# no more flash



## darkshadow (May 2, 2010)

there is will be no flash any more so dont sign any thing just ignore it until it die 
http://www.guardian.co.uk/technology/blog/2010/apr/30/microsoft-ie9-html5-video.
http://www.bit-tech.net/news/hardware/2010/04/30/apple-explains-why-no-flash-on-iphone/1.
apple + Microsoft != flash


----------



## sossego (May 2, 2010)

To me, flash is buggy; but, it has been a convenience to a lot of people. This seems to answer the question of media and still leaves the problems of games and other interactive applications.


----------



## fronclynne (May 2, 2010)

sossego said:
			
		

> To me, flash is buggy; but, it has been a convenience to a lot of people.
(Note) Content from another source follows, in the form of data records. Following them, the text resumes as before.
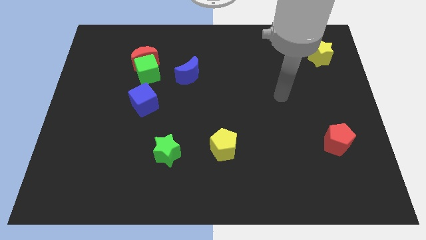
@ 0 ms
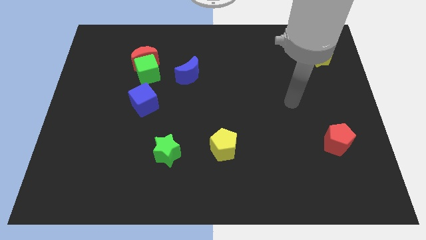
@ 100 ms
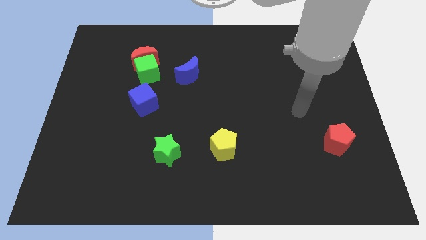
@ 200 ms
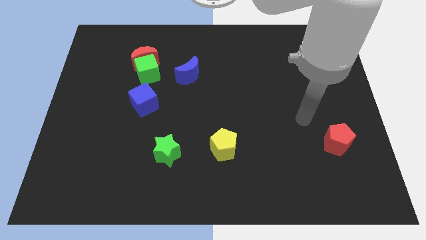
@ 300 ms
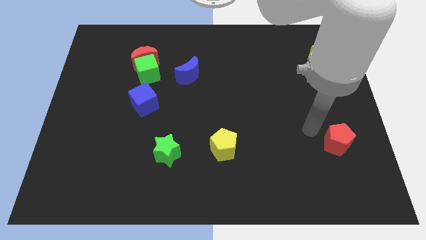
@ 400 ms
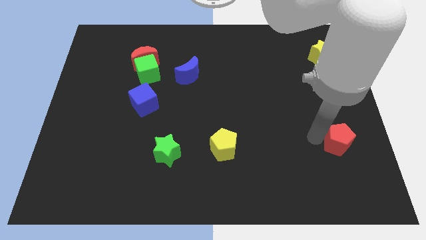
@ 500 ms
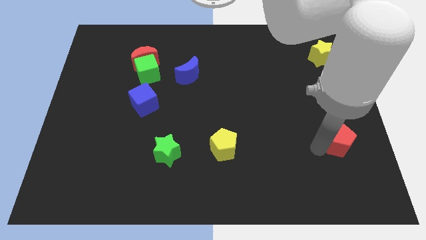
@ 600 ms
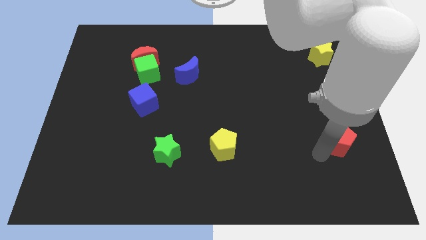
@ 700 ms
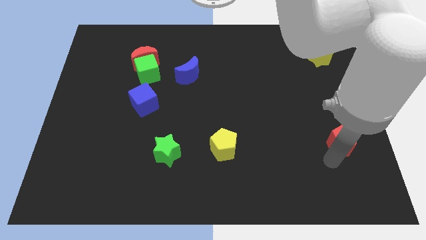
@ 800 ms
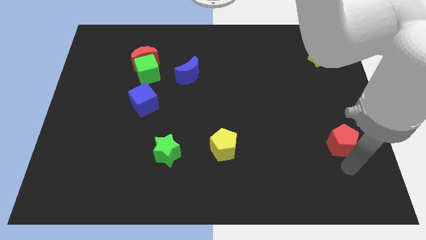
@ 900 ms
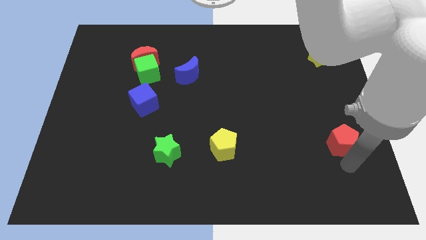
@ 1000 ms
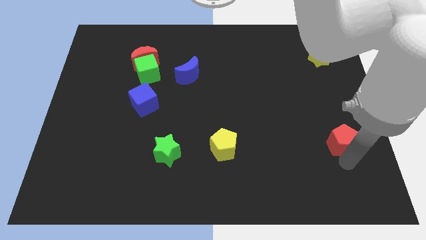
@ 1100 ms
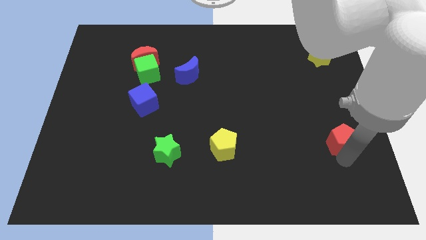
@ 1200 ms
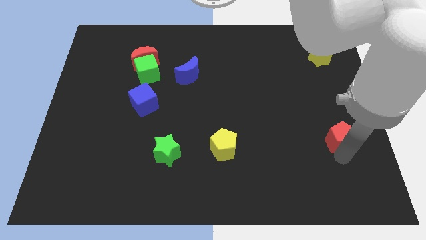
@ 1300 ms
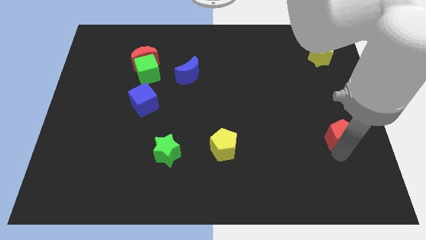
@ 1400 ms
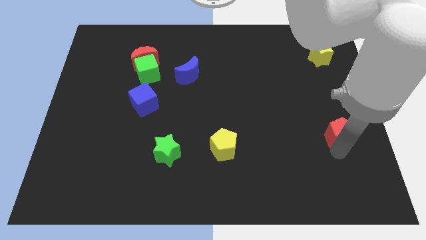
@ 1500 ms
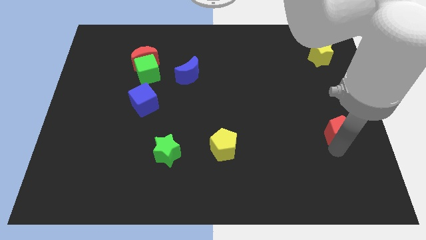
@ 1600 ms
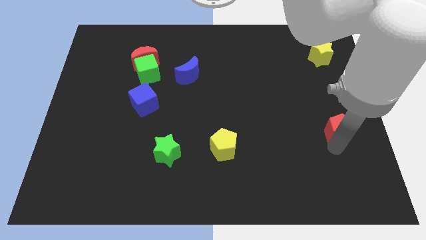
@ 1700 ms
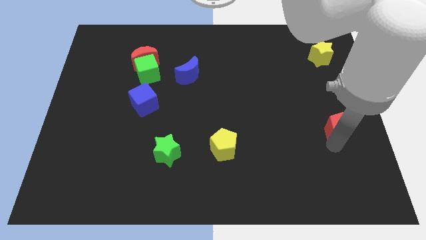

This seems to answer the question of media and still leaves the problems of games and other interactive applications.



The best games and interactive applications use variations on telnet(1).  Everything else is girly-man stuff (including this).


----------



## paean (May 4, 2010)

fronclynne said:
			
		

> The best games and interactive applications use variations on telnet(1).  Everything else is girly-man stuff (including this).



If I wasn't playing that right now, I would definitely... make believe with you and live in harmony, harmony oh love!


----------